Copy whichever lines of the data hold the word "outdoors".
= = = =
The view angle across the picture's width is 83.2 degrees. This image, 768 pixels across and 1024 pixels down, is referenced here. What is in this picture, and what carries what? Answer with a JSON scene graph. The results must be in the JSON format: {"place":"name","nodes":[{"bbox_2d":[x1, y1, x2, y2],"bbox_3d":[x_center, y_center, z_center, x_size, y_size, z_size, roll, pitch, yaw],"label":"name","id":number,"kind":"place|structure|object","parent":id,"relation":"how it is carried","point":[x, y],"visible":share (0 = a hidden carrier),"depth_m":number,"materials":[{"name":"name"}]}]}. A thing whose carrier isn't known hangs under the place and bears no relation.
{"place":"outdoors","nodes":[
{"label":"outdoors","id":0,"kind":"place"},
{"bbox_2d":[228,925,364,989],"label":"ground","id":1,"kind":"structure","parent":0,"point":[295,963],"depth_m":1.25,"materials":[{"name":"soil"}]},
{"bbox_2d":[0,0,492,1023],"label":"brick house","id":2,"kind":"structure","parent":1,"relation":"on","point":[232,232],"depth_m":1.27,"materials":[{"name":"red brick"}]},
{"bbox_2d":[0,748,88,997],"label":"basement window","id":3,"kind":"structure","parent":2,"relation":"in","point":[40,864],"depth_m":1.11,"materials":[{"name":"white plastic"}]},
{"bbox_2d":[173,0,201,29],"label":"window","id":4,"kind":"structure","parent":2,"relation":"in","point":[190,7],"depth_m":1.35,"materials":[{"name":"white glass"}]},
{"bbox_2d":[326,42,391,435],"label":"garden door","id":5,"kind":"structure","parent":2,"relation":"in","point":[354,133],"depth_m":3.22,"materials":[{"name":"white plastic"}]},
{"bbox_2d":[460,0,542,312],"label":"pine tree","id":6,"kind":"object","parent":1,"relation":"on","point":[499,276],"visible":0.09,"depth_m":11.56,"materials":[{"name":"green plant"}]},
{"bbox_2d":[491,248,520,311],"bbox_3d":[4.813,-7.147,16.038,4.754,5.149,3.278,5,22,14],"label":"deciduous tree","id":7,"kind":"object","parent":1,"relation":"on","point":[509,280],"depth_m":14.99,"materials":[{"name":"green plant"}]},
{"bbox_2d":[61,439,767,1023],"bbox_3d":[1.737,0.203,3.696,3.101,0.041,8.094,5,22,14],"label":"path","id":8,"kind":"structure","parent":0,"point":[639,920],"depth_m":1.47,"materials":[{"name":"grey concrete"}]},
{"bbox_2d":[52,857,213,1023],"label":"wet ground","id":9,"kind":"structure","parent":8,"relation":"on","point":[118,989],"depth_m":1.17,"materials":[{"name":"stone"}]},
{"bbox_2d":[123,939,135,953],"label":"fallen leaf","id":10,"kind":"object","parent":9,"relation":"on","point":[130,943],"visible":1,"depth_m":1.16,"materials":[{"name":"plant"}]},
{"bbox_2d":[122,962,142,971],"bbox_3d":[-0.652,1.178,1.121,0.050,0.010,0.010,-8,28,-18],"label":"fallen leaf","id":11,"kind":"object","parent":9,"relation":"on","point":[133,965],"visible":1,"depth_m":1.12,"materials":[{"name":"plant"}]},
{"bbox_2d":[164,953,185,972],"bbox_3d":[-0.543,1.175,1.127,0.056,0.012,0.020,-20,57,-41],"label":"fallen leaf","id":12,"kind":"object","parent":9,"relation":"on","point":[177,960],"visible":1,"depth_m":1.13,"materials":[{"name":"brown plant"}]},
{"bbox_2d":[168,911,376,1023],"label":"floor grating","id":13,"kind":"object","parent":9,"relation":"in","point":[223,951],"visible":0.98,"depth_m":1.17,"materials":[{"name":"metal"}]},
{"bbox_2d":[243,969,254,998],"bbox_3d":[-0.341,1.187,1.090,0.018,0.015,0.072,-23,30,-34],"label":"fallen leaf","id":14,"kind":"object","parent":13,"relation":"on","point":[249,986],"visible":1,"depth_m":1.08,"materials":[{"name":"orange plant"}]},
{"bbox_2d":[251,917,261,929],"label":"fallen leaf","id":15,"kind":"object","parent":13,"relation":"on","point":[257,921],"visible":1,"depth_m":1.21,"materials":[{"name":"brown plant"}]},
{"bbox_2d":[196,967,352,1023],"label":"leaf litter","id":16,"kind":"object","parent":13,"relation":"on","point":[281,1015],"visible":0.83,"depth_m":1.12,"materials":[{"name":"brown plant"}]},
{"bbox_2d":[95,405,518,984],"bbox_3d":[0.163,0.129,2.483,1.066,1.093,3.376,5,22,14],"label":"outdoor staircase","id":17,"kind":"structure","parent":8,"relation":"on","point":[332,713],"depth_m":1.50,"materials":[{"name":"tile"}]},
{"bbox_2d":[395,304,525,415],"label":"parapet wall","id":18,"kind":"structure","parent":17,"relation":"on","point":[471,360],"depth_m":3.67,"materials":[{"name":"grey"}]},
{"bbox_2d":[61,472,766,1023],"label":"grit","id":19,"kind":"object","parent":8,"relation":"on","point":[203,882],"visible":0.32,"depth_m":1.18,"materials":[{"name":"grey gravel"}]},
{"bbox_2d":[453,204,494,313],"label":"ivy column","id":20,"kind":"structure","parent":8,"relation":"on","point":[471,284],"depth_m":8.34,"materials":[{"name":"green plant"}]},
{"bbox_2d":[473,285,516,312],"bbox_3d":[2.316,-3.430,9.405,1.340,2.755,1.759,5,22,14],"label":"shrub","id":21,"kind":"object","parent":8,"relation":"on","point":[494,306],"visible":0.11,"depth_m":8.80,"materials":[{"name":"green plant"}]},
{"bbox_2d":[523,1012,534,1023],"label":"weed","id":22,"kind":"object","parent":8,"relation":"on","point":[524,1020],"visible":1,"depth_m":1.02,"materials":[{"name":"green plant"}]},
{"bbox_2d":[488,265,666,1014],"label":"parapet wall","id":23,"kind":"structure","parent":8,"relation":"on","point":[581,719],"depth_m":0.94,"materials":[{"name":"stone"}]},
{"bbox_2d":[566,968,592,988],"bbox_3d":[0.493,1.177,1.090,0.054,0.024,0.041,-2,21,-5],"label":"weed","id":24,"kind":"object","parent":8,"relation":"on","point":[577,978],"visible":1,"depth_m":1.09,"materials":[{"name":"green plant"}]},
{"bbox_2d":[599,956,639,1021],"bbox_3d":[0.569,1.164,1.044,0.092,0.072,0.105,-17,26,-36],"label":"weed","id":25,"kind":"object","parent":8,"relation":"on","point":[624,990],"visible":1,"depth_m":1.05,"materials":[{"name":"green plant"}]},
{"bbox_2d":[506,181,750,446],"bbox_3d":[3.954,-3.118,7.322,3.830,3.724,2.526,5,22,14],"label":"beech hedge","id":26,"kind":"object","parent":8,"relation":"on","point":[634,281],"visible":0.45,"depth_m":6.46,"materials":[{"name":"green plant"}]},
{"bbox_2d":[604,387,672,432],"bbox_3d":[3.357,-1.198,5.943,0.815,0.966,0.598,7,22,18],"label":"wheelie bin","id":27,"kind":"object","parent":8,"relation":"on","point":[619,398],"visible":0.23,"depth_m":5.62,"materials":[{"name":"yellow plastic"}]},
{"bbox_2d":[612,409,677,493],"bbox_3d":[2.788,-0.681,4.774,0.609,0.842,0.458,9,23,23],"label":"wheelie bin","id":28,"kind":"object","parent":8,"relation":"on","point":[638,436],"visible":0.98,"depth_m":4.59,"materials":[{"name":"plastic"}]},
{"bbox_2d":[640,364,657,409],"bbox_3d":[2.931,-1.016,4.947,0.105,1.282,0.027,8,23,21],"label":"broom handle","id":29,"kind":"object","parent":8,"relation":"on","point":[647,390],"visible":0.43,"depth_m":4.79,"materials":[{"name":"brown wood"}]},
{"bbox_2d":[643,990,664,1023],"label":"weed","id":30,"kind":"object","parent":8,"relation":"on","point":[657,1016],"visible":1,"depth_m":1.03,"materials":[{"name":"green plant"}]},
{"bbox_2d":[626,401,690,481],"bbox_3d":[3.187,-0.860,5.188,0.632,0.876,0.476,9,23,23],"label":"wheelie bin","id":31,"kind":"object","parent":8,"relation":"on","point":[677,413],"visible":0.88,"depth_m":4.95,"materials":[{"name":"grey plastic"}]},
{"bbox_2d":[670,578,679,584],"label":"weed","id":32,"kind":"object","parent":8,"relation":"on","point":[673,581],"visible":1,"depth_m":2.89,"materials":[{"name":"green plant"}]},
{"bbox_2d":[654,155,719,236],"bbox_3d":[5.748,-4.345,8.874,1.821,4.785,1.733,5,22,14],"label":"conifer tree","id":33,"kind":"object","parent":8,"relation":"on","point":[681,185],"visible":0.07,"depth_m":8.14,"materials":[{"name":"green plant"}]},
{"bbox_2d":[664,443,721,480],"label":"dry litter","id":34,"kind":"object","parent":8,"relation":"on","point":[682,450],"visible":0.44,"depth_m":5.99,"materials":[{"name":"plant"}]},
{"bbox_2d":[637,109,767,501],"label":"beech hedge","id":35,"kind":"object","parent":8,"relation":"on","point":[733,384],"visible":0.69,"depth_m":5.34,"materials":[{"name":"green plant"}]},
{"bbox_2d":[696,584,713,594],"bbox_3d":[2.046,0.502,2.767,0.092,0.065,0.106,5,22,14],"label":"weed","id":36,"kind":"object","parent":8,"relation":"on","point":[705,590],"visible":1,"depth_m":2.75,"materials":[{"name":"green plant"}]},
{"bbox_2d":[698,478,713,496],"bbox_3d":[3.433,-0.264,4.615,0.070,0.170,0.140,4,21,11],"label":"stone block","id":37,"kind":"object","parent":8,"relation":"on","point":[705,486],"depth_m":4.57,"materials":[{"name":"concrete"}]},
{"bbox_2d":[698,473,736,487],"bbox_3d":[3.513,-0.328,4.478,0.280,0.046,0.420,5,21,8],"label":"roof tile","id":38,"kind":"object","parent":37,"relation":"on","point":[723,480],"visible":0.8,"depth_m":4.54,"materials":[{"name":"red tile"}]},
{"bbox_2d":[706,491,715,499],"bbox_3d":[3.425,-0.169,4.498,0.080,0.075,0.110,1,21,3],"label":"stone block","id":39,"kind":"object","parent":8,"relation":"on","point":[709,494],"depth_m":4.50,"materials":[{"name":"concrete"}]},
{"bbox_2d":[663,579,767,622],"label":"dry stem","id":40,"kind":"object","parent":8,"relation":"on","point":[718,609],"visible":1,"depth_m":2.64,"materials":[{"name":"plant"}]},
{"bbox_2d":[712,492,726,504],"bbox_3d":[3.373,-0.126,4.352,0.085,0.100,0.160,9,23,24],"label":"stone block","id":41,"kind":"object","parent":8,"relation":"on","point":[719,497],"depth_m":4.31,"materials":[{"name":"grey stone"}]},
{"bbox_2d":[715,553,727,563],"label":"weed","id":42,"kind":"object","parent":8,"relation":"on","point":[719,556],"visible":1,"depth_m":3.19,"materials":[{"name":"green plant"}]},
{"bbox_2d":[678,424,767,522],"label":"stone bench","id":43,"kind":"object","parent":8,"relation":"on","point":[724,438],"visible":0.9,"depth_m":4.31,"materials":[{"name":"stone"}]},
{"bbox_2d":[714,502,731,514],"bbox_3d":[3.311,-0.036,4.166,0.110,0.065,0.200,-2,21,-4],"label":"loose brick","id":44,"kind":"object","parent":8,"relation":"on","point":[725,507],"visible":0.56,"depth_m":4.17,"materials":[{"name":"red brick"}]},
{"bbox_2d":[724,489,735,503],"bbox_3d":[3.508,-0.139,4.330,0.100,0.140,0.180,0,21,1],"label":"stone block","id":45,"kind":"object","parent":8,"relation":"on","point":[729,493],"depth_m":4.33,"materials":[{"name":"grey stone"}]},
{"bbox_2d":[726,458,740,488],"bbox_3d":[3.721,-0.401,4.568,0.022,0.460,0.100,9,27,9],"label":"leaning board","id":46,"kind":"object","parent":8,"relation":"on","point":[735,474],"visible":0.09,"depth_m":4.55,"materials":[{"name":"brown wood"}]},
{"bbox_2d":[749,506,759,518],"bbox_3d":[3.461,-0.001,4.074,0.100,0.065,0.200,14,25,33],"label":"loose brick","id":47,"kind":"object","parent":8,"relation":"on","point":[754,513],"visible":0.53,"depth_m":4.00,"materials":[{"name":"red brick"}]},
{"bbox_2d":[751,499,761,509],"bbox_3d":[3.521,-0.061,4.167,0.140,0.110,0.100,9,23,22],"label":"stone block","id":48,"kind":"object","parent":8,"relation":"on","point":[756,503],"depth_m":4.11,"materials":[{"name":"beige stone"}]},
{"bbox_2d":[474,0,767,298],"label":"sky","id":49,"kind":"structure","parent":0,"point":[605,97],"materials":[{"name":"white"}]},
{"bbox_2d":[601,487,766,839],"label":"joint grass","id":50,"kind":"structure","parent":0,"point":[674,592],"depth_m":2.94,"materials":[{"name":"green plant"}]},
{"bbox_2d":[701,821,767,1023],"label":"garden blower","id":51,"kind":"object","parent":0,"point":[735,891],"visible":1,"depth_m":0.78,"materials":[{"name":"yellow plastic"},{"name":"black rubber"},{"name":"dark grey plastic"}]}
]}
= = = =
== WRITTEN SOLUTION ==
{"place":"outdoors","nodes":[
{"label":"outdoors","id":0,"kind":"place"},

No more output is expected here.